Headlines
Loading...
Bagian 3: Arkan dan Ujian Kesabaran di Bandara

Bagian 3: Arkan dan Ujian Kesabaran di Bandara

Oleh: Mom NaKiTa
(Kontributor SSCQ Media)

SSCQmedia.com—Matahari mulai mengintip dari balik kaca besar terminal bandara, menandakan fajar telah tiba. Setelah belasan jam terjebak dalam ketidakpastian, akhirnya suara pengeras suara mengumumkan bahwa pesawat lanjutan Arkan siap diberangkatkan. Sorak syukur terdengar lirih dari berbagai sudut ruang tunggu. Wajah-wajah yang sebelumnya kusam karena lelah mendadak kembali cerah.

Arkan berdiri sambil merapikan ransel hitamnya yang telah menemaninya duduk di lantai semalaman. Ketika sebagian jemaah bergegas menuju gerbang keberangkatan agar bisa masuk lebih dulu, Arkan justru melangkah dengan tenang. Ia tidak ingin merusak ketenangan hati yang telah susah payah ia bangun hanya karena saling berdesakan di pintu masuk.

Sambil mengantre dengan tertib, Arkan kembali membuka catatan kecil di mushafnya. Matanya tertuju pada Surah Ar-Ra’d ayat 24 (Juz 13), ayat yang berisi sambutan para malaikat kepada penghuni surga:

“سَلَامٌ عَلَيْكُمْ بِمَا صَبَرْتُمْ ۚ فَنِعْمَ عُقْبَى الدَّارِ”

“(Sambil mengucapkan), ‘Selamat sejahtera atasmu berkat kesabaranmu.’ Maka alangkah nikmatnya tempat kesudahan itu.”

Arkan tersenyum lebar membaca ayat tersebut. Ia merasa seolah ayat dalam Juz 13 itu menjadi “ucapan selamat” dari langit karena dirinya telah berhasil melewati ujian di bandara. Saat itu ia memahami bahwa hasil yang indah—sampai ke Tanah Suci—hanya bisa dinikmati sepenuhnya jika diraih melalui jalan kesabaran. Tanpa kesabaran, perjalanan ini mungkin hanya akan meninggalkan rasa lelah dan kesal.

“Ternyata benar,” batin Arkan. “Kesabaran itu bukan cuma soal menunggu waktu berlalu, tapi soal menjaga hati supaya nggak pecah sebelum sampai tujuan.”

Ketika melangkah memasuki garbarata menuju pesawat, Arkan merasakan embusan angin sejuk menyentuh wajahnya. Ia sempat menoleh ke belakang, memandangi ruang tunggu yang telah menjadi “medan juangnya” selama belasan jam. Tempat itu mengajarkannya lebih banyak tentang kemanusiaan dan pengendalian diri dibandingkan pelajaran apa pun yang pernah ia dapatkan di sekolah.

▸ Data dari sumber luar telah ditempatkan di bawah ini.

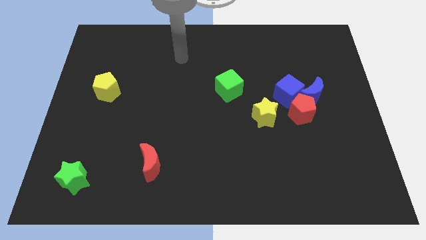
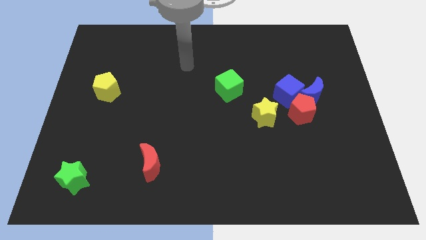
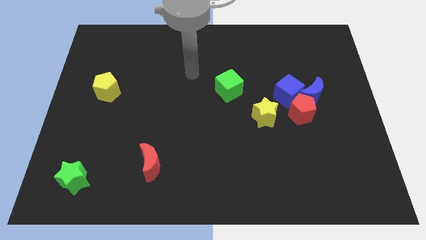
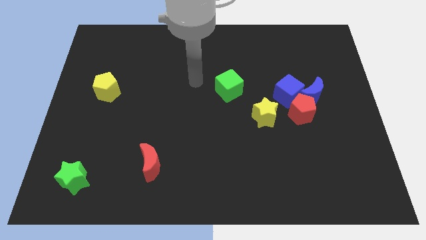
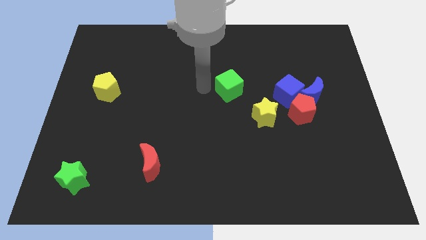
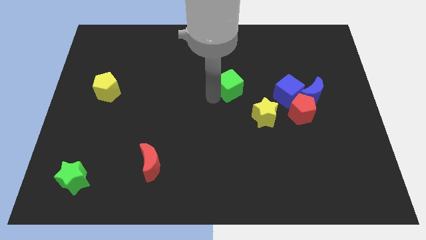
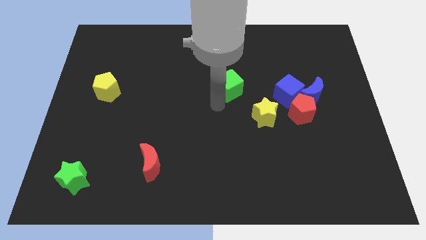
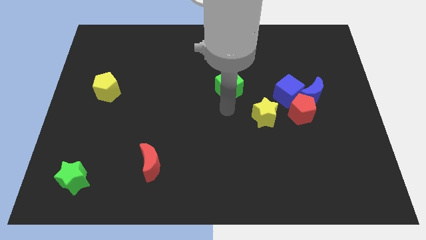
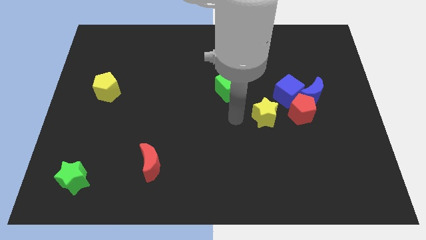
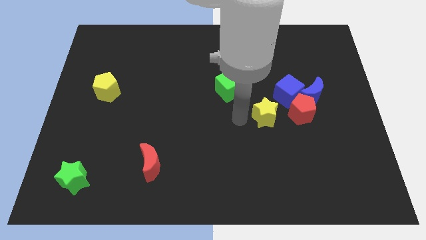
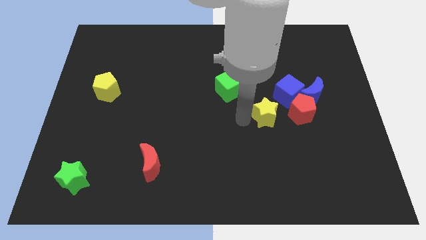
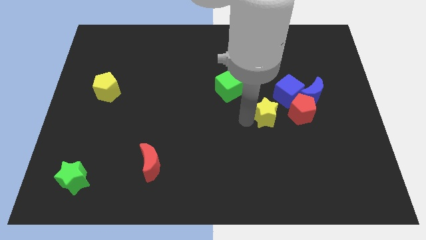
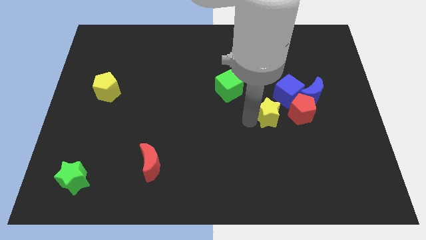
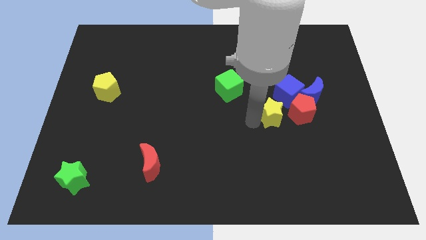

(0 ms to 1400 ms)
move the yellow star to the bottom left of the blue moon

Di dalam kabin pesawat, Arkan duduk dengan perasaan yang jauh lebih tenang. Ia melihat jemaah lansia yang tadi ia bantu kini duduk nyaman sambil mengacungkan jempol kepadanya. Arkan tersenyum bahagia. Kini ia memahami bahwa “tempat kesudahan yang nikmat” seperti yang disebutkan dalam ayat tadi bukan hanya tentang surga di akhirat, tetapi juga ketenangan hati setelah berhasil mengalahkan ego diri sendiri.

Pesawat mulai bergerak mundur, bersiap lepas landas. Arkan memejamkan mata sejenak sambil membisikkan rasa syukur. Ujian di bandara telah usai, dan ia berhasil membuktikan bahwa meskipun masih remaja, ia mampu memikul gelar tamu Allah dengan kepala tegak dan hati yang lapang.

“Bismillah, Makkah… Arkan datang,” bisiknya mantap.